More than 700 delegates from 69 Contracting Parties to the Joint Convention are expected to take part in this meeting hosted at the IAEA headquarters in Vienna, Austria from May 11 to 22, 2015. The meeting will discuss each nation’s progress in achieving and maintaining a high level of safety in spent fuel and radioactive waste management, ensuring that there are effective defenses against potential hazards during all stages of management of such materials, and preventing accidents with radiological consequences.

Dave Huizenga, the Principal Assistant Deputy Administrator for the U.S. Defense Nuclear Non-Proliferation Program, is the President of the review meeting. “As nations continue to consider the application of nuclear technology to diversify their energy sources and reduce greenhouse gas emissions, we cannot minimize the importance of management of spent fuel and radioactive waste," Huizenga said at the opening of the meeting. “I challenge you to fully consider your global responsibilities to safely manage spent fuel and radioactive waste, protecting current and future generations and the environment from the harmful effects of ionizing radiation.” 

In his opening remarks, Denis Flory, IAEA's Deputy Director General for Nuclear Safety and Security, said, “Therefore let me congratulate everyone for your commitment in this review meeting of the Joint Convention, which will benefit all Contracting Parties and contribute to further enhance safety worldwide.”
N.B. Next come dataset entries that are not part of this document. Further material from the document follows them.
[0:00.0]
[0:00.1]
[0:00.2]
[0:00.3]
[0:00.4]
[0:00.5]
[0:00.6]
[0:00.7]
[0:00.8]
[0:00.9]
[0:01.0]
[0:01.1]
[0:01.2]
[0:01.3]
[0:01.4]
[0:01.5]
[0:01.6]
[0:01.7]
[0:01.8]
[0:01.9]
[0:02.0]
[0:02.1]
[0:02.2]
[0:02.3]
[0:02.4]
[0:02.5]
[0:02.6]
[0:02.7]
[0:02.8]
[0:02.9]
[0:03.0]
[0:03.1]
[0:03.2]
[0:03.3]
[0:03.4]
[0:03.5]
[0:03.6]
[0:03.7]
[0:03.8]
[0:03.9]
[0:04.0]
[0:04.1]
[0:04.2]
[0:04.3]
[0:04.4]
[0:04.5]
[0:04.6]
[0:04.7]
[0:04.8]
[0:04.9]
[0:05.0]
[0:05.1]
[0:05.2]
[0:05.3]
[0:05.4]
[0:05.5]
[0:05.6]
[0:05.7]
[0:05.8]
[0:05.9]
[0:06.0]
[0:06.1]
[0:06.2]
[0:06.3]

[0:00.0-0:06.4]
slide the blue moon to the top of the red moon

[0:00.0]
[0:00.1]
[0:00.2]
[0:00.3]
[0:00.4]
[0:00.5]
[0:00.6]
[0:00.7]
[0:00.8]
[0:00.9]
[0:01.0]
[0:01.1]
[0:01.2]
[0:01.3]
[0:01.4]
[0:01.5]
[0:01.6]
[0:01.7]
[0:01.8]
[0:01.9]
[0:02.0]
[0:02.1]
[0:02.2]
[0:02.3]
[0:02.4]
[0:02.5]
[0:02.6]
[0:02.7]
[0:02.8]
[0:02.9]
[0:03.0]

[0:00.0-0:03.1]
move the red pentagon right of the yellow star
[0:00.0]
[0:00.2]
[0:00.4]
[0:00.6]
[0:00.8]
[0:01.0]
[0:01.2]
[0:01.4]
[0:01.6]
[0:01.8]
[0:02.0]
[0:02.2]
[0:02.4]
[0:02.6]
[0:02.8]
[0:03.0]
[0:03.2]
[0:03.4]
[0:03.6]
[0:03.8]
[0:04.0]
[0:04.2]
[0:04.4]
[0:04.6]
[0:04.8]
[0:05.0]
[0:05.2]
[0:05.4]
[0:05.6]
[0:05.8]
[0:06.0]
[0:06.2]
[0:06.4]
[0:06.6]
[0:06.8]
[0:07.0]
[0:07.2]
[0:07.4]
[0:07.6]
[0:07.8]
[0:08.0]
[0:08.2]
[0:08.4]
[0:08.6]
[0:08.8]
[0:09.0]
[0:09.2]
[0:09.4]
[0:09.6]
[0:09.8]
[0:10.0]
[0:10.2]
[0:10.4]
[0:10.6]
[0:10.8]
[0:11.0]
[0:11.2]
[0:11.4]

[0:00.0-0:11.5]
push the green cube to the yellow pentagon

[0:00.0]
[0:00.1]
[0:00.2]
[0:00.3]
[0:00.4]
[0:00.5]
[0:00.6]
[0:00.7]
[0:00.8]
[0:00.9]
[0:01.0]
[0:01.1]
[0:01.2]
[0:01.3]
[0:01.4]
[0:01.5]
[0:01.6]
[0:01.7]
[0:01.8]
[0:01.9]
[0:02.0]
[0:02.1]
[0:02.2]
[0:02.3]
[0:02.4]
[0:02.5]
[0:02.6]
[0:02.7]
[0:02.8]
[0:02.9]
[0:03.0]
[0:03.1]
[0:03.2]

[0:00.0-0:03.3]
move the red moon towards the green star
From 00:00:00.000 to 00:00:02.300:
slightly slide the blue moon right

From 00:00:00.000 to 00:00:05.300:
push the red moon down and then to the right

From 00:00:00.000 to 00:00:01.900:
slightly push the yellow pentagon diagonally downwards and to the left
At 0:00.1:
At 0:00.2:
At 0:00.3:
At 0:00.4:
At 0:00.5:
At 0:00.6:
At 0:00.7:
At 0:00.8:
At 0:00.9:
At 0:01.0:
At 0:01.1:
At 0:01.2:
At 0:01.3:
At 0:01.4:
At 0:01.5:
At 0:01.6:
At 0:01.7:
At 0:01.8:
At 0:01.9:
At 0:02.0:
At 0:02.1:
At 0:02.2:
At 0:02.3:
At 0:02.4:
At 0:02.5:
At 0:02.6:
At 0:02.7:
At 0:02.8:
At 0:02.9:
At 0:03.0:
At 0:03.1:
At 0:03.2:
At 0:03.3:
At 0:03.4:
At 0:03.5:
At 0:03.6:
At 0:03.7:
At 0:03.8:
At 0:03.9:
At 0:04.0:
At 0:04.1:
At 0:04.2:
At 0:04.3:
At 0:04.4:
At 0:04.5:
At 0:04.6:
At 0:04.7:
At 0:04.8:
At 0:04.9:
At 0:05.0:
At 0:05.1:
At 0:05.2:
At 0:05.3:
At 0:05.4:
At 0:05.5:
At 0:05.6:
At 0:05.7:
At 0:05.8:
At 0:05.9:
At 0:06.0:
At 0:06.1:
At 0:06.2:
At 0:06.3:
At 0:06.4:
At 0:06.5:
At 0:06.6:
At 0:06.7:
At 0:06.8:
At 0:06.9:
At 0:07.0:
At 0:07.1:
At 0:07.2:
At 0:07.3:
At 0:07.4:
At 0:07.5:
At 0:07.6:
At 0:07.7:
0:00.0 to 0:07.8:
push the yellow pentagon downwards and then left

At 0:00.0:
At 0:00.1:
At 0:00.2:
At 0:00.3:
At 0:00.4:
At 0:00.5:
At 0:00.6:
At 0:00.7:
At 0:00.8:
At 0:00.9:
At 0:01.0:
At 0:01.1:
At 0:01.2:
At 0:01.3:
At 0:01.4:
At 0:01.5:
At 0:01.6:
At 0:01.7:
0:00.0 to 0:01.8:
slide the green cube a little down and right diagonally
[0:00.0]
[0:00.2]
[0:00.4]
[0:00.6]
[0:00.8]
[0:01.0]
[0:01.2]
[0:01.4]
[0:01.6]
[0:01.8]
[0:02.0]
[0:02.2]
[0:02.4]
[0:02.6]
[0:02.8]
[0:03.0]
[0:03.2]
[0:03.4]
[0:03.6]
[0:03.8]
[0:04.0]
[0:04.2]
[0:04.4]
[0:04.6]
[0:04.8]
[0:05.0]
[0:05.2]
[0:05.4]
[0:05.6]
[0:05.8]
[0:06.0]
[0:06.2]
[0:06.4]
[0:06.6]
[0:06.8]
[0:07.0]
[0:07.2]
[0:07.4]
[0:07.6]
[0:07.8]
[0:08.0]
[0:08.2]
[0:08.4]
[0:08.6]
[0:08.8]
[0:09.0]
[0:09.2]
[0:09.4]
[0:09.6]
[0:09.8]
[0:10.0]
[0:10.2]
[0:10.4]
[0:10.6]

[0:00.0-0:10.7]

The U.S. report will be presented by Monica Regalbuto, Associate Principal Deputy Assistant Secretary for Environmental Management (EM) at the U.S. Department of Energy, and Scott Moore, Deputy Director of the National Regulatory Commission's Office of Nuclear Material Safety and Safeguards.

Review Discussion Aims to Strengthen Safety Measures

A special topical session is part of the review meeting agenda, which will focus on the progress and lessons learned from the March 2011 Fukushima Daiichi nuclear power plant accident in respect to the safety of spent fuel and radioactive waste management. It will also feature presentations from international experts and the Japanese delegation as well as a discussion panel. 

There will also by a special presentation by Frank Marcinowski, EM’s Deputy Assistant Secretary for Waste Management, on the events that led to a radiological release from an underground repository known as the Waste Isolation Pilot Plant in February 2014. Marcinowski will provide an overview of the results of the accident investigations, lessons learned, and current status of the recovery efforts.

The peer review process provides Contracting Parties the opportunity to evaluate and discuss in detail safety measures taken to implement the Joint Convention as well as identify any emerging issues. 

At the Joint Convention’s previous review meeting in 2012, the Contracting Parties agreed that national reports for the upcoming review meeting should also include discussions on issues such as the management of sealed sources; the safety implications of extended storage periods and the delayed disposal of spent fuel and radioactive waste; and international cooperation to find effective solutions for the long-term management and disposal of different types of radioactive waste and spent fuel.

Established by Congress in 2000, NNSA is a semi-autonomous agency within the U.S. Department of Energy responsible for enhancing national security through the military application of nuclear science. NNSA maintains and enhances the safety, security, reliability and performance of the U.S. nuclear weapons stockpile without nuclear testing; works to reduce global danger from weapons of mass destruction; provides the U.S. Navy with safe and effective nuclear propulsion; and responds to nuclear and radiological emergencies in the U.S. and abroad.